The obsession with self defense among NFL players stems at least in small part from the 2007 murder of the Washington football team’s safety Sean Taylor, who was shot and killed in his Florida home during a break-in. But the most high-profile shooting incident in the league happened five years later. In December 2012, Chiefs linebacker Jovan Belcher shot himself in front of coach Romeo Crennel and team executives hours after killing his wife. The tragedy led several NFL players to turn in their guns.
The Belcher shooting also led to a brief, public debate about guns in the NFL. Several days after Belcher’s suicide, NBC’s Bob Costas criticized “gun culture” in a widely discussed Sunday night football telecast. At the league’s rookie symposium the following season — which famously features all sorts of lectures and “skits” about sexually transmitted diseases and people putting condoms on bananas — guns were a central topic. Former Bears defensive tackle Tank Johnson, who had been arrested for having a virtual arsenal of illegal weapons in his home, spoke at that year’s symposium, saying, “while you’re playing in the NFL, you do not need a gun for any reason.” But the topic of guns in the league lost its urgency. Johnson was not asked back to the rookie symposium the next season, and last week, the NFL canceled the event all together.
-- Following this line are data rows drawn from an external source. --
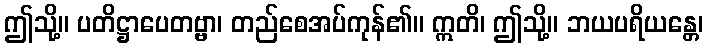
ဤသို့။ ပတိဋ္ဌာပေတဗ္ဗာ၊ တည်စေအပ်ကုန်၏။ ဣတိ၊ ဤသို့။ ဘယပရိယန္တေ၊
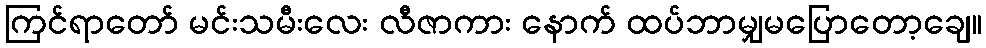
ကြင်ရာတော် မင်းသမီးလေး လီဇာကား နောက် ထပ်ဘာမျှမပြောတော့ချေ။
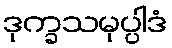
ဒုက္ခသမုပ္ပါဒံ
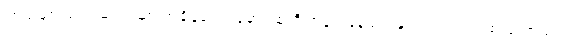
ကြယ်များသည် ဆည်းဆာ အချိန်၏ အမှောင်ထုကို အန်တုနေသည့်နှယ် လင်းလက်စ ပြုလာသည်။
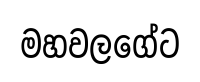
මහවලගේට
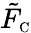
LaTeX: \tilde{F}_{\scriptscriptstyle\mathrm{C}}
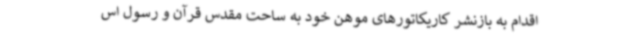
اقدام به بازنشر کاریکاتورهای موهن خود به ساحت مقدس قرآن و رسول اس
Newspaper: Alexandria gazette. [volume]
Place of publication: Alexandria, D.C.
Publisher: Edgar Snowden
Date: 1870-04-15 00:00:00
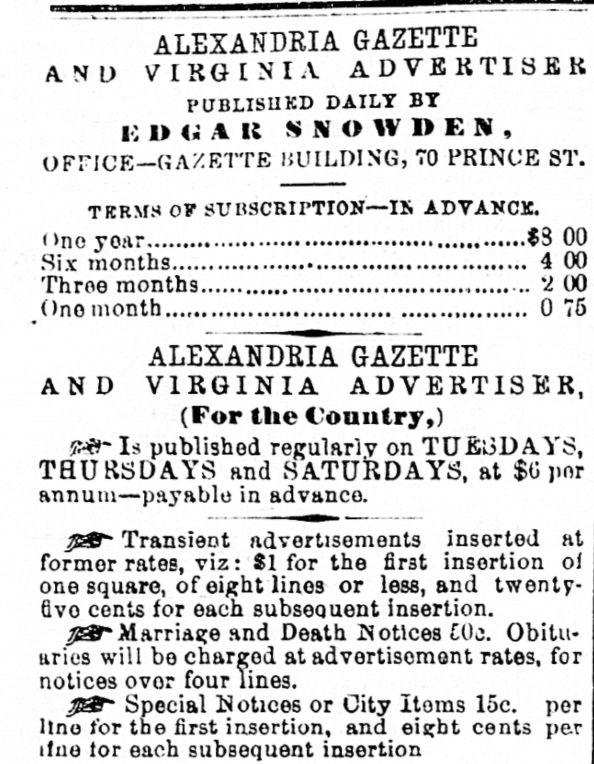
Advertisement text (OCR):
ALEXANDRIA GAZETTE AND VIRGINIA PUBLISHKD DAILY BY i; 1> <? A It S N (> W WEN, OFTICE?GAZETTE WILDING, TO PRINCE ST. TKRMS OP SUBSCRIPTION?IN ADVANCE. ? >no $3 Six months 4 00 Throe months *2 00 Ono month 0 76 ALEXANDRIA GAZETTE AND VIRGINIA ADVERTISER, (Fop the Country,) Is published regularly on TUESDAYS, THURSDAYS and SATURDAYS, at $0 pnr annum?payable in advance. Transient advertisements jnsortod at formor rates, viz: Si for the first insertion ol one square, of eight linos or less, and cents for each subsequent insertion. 7f3S* Marriage and Death Notices ?0c. will be charred at advertisement rates, for notices ovor four lines. J&t* Special Notices or City Itoms 15c. per lino for the first insertion, and eight cents per line lor each insertion
Label: text-only
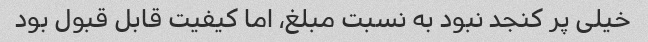
خیلی پر کنجد نبود به نسبت مبلغ، اما کیفیت قابل قبول بود
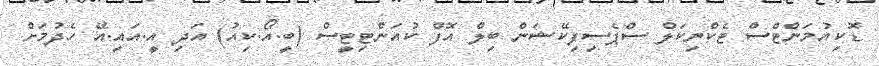
ޑޮކިއުމަންޓްސް ޓެކްނިކަލް ސްޕެސިފިކޭޝަން ބިލް އޮފް ކުއަންޓިޓީސް (ބީ.އޯ.ކިއު) އަދި އީ.އައި.އޭ ހެދުމަށް
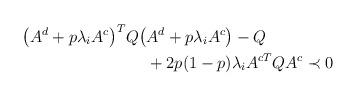
LaTeX: \begin{align*}\begin{aligned} \big(A^d + p \lambda_i A^c\big)^T Q \big(&A^d + p \lambda_i A^c\big) - Q \\ &+ 2p(1-p) \lambda_i A^{cT} Q A^c \prec 0 \end{aligned}\end{align*}
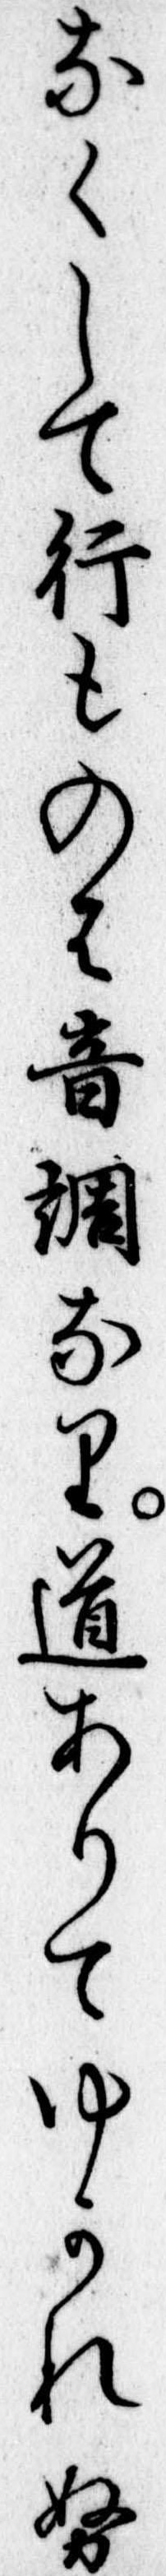
なくして行ものは音調なり道ありてゆかれぬ
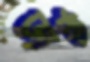
ডার্ট
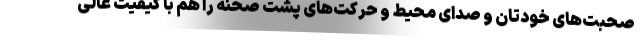
صحبت‌های خودتان و صدای محیط و حرکت‌های پشت صحنه را هم با کیفیت عالی
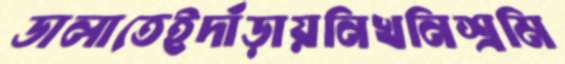
ডালাতেইদাঁড়ায়নিখনিশ্রমি
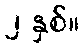
၂ နှစ်။
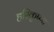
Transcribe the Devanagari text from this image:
हरिकृष्णा

Until Payton’s comments, the NFL seemed more concerned with updating its policies on domestic violence than with the proliferation of guns among the league’s players.
Former Cowboys defensive end Greg Hardy was the poster boy for domestic violence last season. He was suspended for 10 games after he was arrested for allegedly beating his girlfriend. Photos released later of his battered girlfriend caused outrage. Guns were central to the incident: Hardy threw his girlfriend onto a “couch full of guns” — he reportedly owned up to 30 firearms, including at least six military-style assault rifles. Upon his arrest, Hardy turned nine guns over to the police.
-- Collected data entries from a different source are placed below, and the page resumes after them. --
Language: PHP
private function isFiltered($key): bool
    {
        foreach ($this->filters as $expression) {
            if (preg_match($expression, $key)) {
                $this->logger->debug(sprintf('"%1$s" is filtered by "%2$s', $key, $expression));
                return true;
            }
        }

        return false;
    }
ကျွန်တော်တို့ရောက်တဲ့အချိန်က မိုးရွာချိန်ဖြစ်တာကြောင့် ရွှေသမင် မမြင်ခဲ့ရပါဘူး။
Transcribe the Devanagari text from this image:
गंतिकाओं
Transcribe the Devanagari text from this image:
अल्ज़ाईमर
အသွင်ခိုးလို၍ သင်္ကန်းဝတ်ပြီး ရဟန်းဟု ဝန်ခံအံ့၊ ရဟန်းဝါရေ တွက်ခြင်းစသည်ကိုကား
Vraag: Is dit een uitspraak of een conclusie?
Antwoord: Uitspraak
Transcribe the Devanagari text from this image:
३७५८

Yet Hardy’s case was never a gun story, because it didn’t have to be a gun story. In this way, the NFL is like any large, bureaucratic organization: It only reacts when it absolutely has to. Take former Baltimore Ravens running back Ray Rice. The NFL was famously weak on the issue of domestic violence, until video surfaced of Rice decking his wife in a casino elevator. Then the NFL suddenly got religious on domestic violence and came down hard on Hardy. But it never said anything about Hardy’s stockpile of weapons.
Sean Payton’s words this week may not cause the NFL to suddenly turn its attention to guns. But that another prominent coach is speaking out against the prevalence of guns in the league, and the scourge of gun violence in particular, adds to the pressure on the league to take a stronger stance.